La Princesa Daisy sonrió suavemente:
—De hecho, podrían abolir a nuestra familia real.
De esa manera, ¿sería más libre, no es así?
Viendo su actitud arrogante, Karl sintió un nudo en la garganta y continuó:
—Ni lo pienses.
Sé que siempre has querido que abolamos la familia real.
Sin esa carga, podrías ir a buscar a tu amante de China, ¿verdad?
Pero que yo sepa, ¿no fuiste a buscarlo hace dos años?
¡Él simplemente no te quería!
Al oír esto, Daisy titubeó.
El asunto era a la vez dulce y doloroso para ella, ya que ese hombre dejó una profunda impresión en su corazón.
Pero ahora que Karl lo mencionó, Daisy sintió una sensación de vergüenza.
Esto hizo que su respiración se volviera algo rápida.
Karl se burló:
—Princesa, será mejor que te comportes y ayudes a mantener la imagen del País Y.
Ordena tus prioridades o de lo contrario, ¿qué tienes para ofrecer si ni siquiera eres una princesa?
La Princesa Daisy apretó los puños pero se mantuvo en silencio.
Luego giró y entró en su habitación.
Karl miró su figura que se alejaba y se burló.
No podía creer que no pudiera controlar a una joven con un corazón floreciente.
Después de burlarse de la Princesa Daisy, Karl frunció el ceño, pensando en la noticia de que la Corporación Loong llegaría en pocos días.
De repente entrecerró los ojos y soltó una sonrisa burlona:
—Así sea, suban los crímenes del Rey Jing Zhen directamente a internet.

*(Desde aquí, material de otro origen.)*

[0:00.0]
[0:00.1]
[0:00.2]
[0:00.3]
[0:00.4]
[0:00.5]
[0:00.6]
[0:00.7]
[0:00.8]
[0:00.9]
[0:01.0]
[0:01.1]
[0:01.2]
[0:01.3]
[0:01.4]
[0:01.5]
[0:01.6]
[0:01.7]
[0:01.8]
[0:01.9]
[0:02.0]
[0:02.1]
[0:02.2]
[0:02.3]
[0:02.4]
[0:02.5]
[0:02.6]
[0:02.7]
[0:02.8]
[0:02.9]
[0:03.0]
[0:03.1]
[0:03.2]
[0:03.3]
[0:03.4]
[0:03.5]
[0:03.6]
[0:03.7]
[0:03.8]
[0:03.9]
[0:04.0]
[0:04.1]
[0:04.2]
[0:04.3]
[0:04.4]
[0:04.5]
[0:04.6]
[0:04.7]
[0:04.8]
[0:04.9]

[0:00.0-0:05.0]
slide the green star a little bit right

Dado que no podemos capturarlo, ¡que internet lo juzgue!
En ese momento, la ira del pueblo del País A obligará a Jing Zhen a someterse.

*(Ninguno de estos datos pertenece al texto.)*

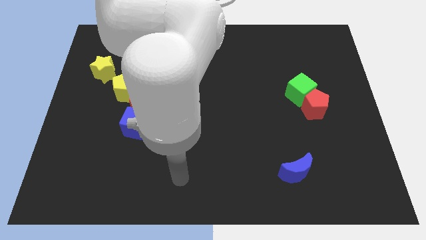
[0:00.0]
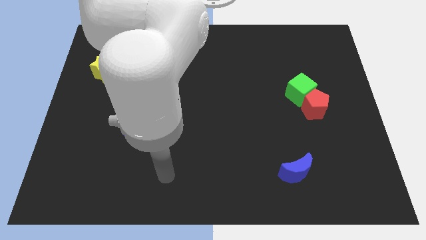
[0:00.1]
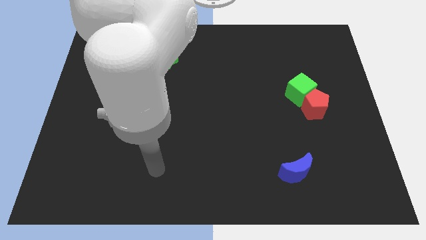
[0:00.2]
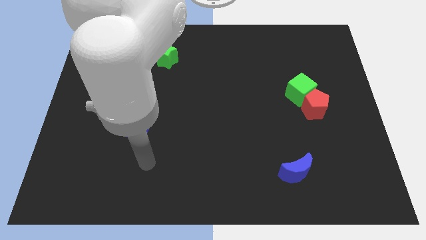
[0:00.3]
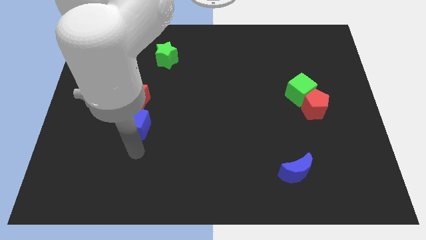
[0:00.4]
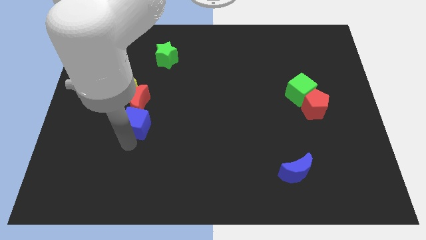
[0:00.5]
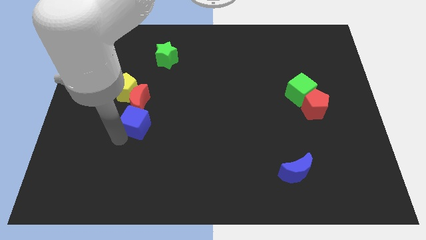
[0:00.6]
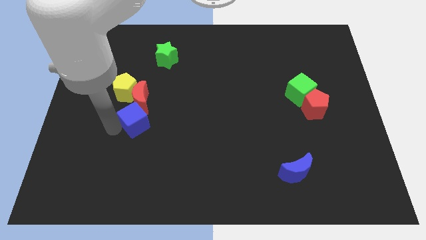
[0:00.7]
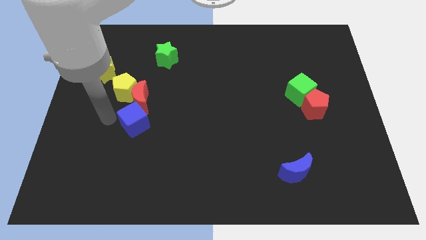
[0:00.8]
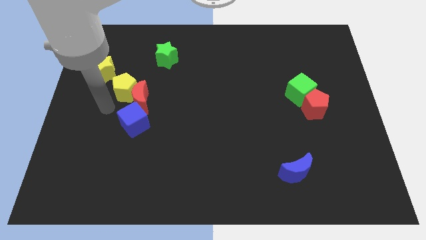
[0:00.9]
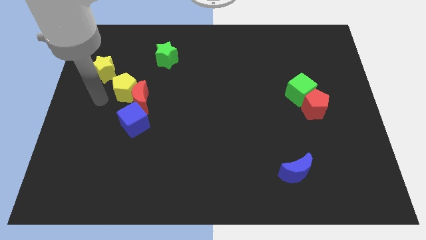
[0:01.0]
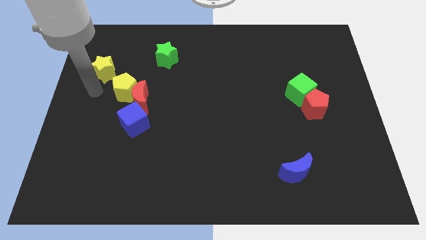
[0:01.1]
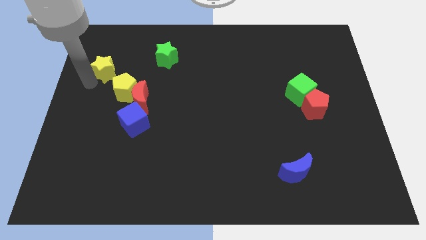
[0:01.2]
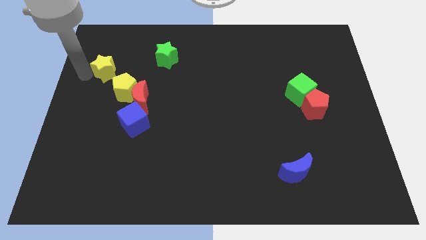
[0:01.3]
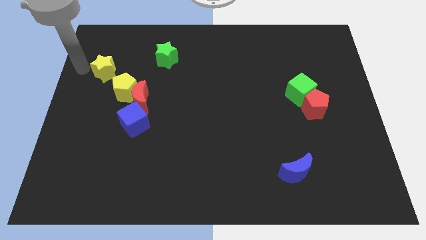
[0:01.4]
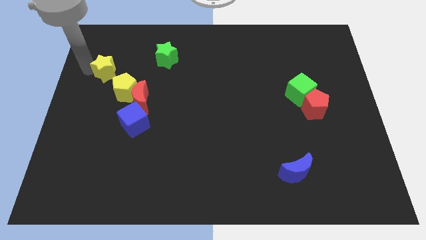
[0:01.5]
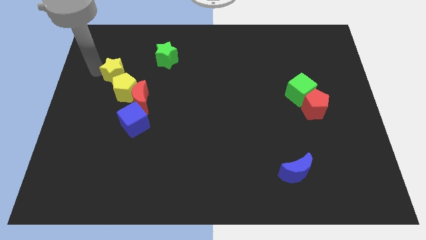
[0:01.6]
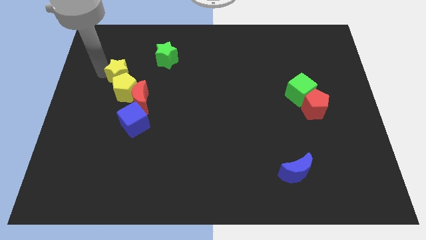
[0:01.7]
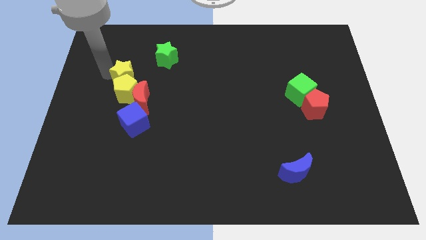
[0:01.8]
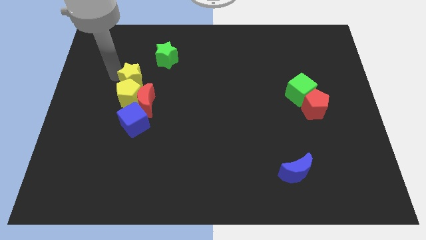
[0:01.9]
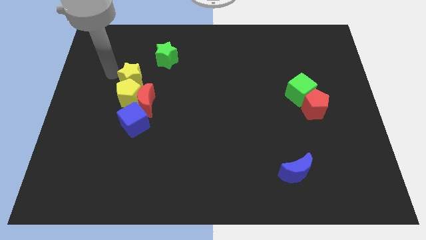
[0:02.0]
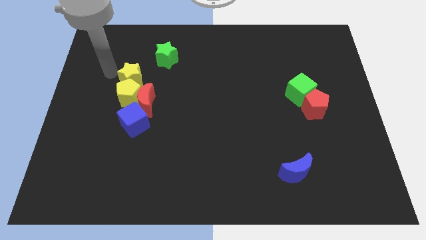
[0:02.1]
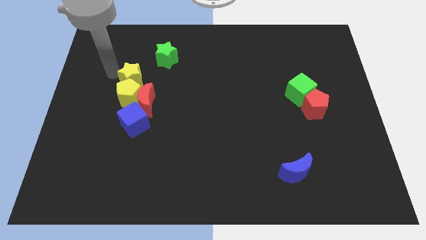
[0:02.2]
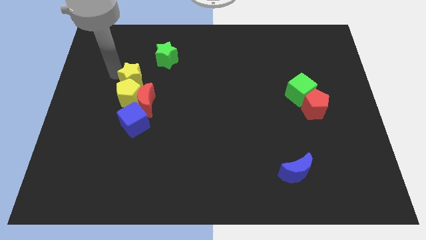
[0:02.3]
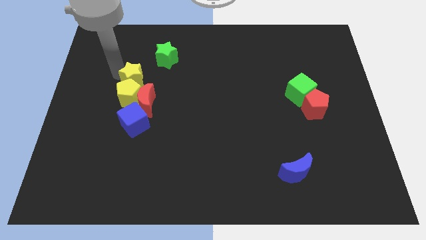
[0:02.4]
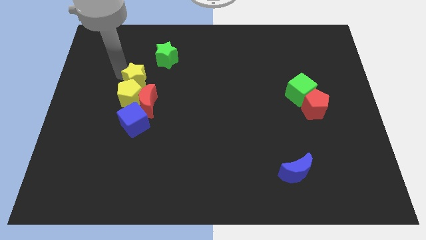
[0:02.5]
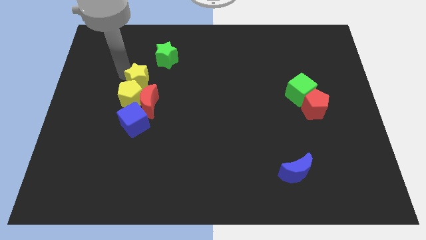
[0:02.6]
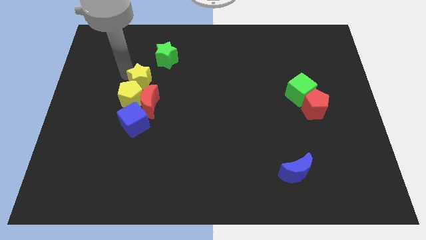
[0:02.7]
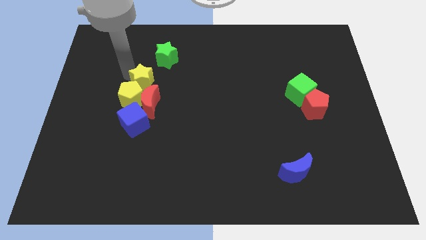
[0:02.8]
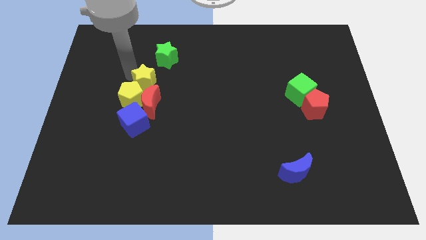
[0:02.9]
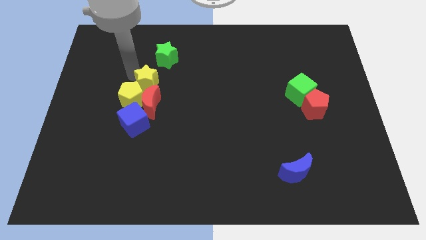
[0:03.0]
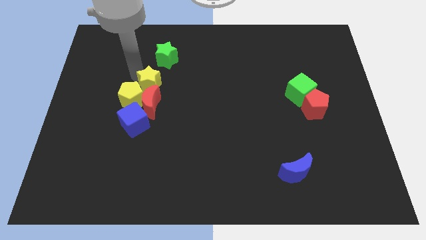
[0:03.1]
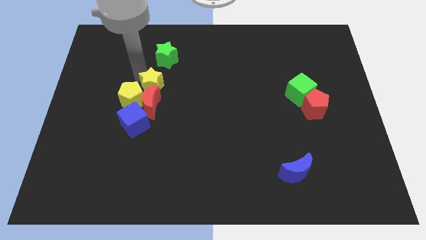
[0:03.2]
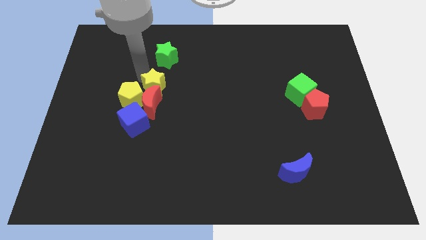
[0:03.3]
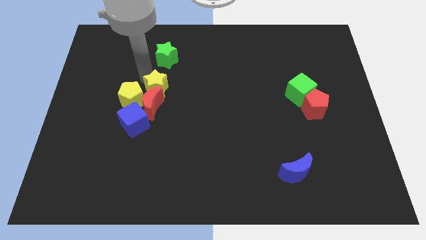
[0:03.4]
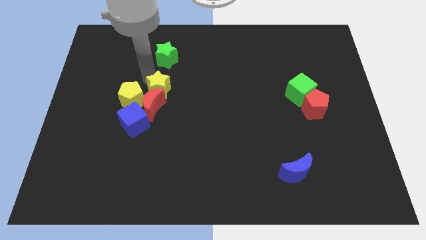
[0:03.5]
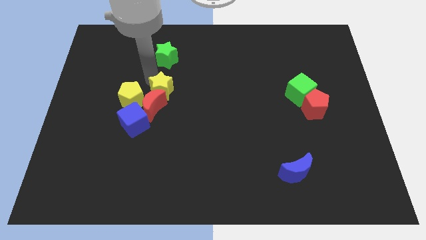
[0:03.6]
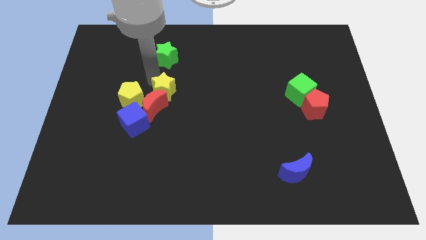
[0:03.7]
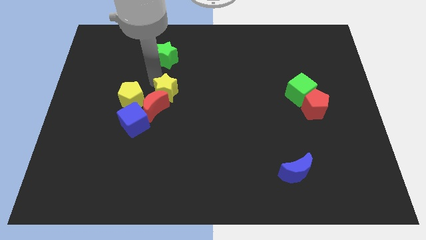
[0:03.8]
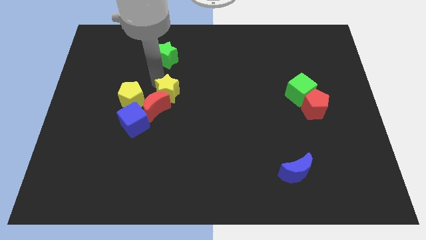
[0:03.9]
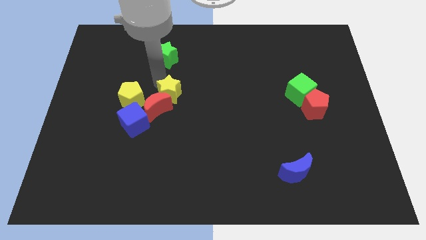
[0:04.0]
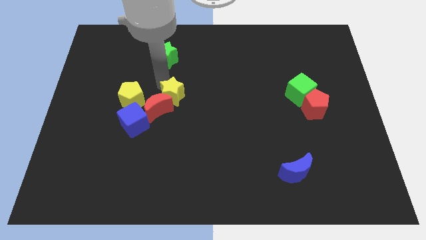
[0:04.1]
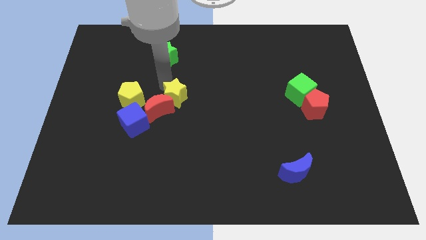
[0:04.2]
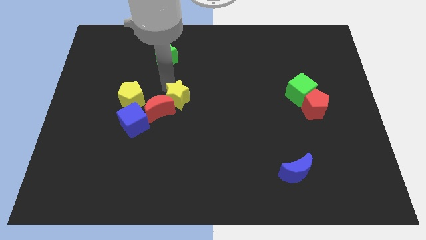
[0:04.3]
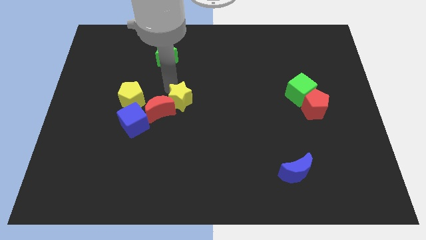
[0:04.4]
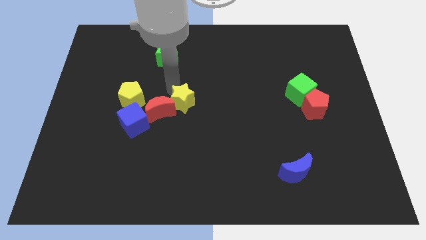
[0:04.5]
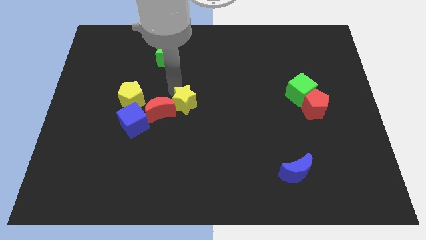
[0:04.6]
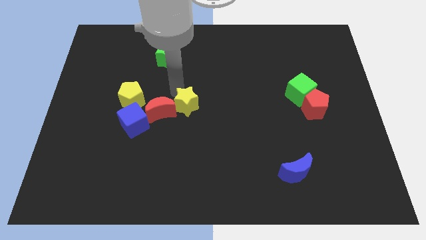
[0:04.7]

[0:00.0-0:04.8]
slide the yellow star downwards and then right

Su mayor desafío actual era averiguar cómo llevarse a Jing Zhen.
El ejército del País A estaba aquí.
Si Jing Zhen decidiera esconderse en el palacio, tendría la protección del ejército del País A.
Por supuesto, el País Y no tenía ninguna razón para atacar al País A.

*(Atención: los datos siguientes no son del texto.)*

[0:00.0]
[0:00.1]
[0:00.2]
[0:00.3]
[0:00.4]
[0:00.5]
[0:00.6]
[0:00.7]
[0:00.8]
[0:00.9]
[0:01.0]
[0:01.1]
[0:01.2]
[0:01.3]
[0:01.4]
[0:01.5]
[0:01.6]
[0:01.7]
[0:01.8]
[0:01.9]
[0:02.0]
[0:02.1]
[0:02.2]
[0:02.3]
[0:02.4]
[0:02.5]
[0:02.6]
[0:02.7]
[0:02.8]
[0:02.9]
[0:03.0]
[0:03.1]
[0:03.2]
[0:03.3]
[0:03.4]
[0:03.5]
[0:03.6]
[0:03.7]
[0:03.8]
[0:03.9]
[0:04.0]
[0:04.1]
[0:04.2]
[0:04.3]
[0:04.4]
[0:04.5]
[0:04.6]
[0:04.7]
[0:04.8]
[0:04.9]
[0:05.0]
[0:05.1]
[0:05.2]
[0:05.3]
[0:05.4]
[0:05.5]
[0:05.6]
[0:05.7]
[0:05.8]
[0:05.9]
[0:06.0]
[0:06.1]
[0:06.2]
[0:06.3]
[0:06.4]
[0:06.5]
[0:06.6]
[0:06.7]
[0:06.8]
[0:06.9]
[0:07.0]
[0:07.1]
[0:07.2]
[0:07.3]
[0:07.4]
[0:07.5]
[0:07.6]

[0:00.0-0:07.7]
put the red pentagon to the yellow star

Además, incluso si tuvieran una razón, no querrían mandar tropas realmente, ¡ya que sería demasiado costoso!
La mejor solución era hacer que Jing Zhen entregara voluntariamente la tecnología o, bajo la presión de la opinión pública nacional, se viera forzado a salir personalmente y rendirse.
¡Mientras pudieran llevarlo, tendrían formas de extraer la información de él!
En el palacio real.
Shen Ruojing y Chu Cichen todavía paseaban afuera.
Shen Ruojing no pudo evitar suspirar:
—Me pregunto cómo estará Xiaomeng ahora…
Al mencionar a su hija, Chu Cichen también estaba preocupado.
Aunque su hija no les permitió recogerla y dijo que Song Chen la trataba bien, Song Chen seguía siendo una persona peligrosa, por lo que no podían evitar preocuparse.
Justo cuando estaba por decir algo, Ji Wuyou se apresuró:
—Princesa, ¡hay un problema!
Shen Ruojing frunció el ceño:
—¿Qué ha pasado?
Ji Wuyou dijo inmediatamente:
—¡Karl y su gente han subido pruebas de las actividades ilegales del Rey Jing Zhen al internet del País A!
Afirmen que el Rey Jing Zhen no tiene en cuenta la seguridad humana, desarrolla en secreto tecnología anti-humana y debe ser castigado por la comunidad internacional!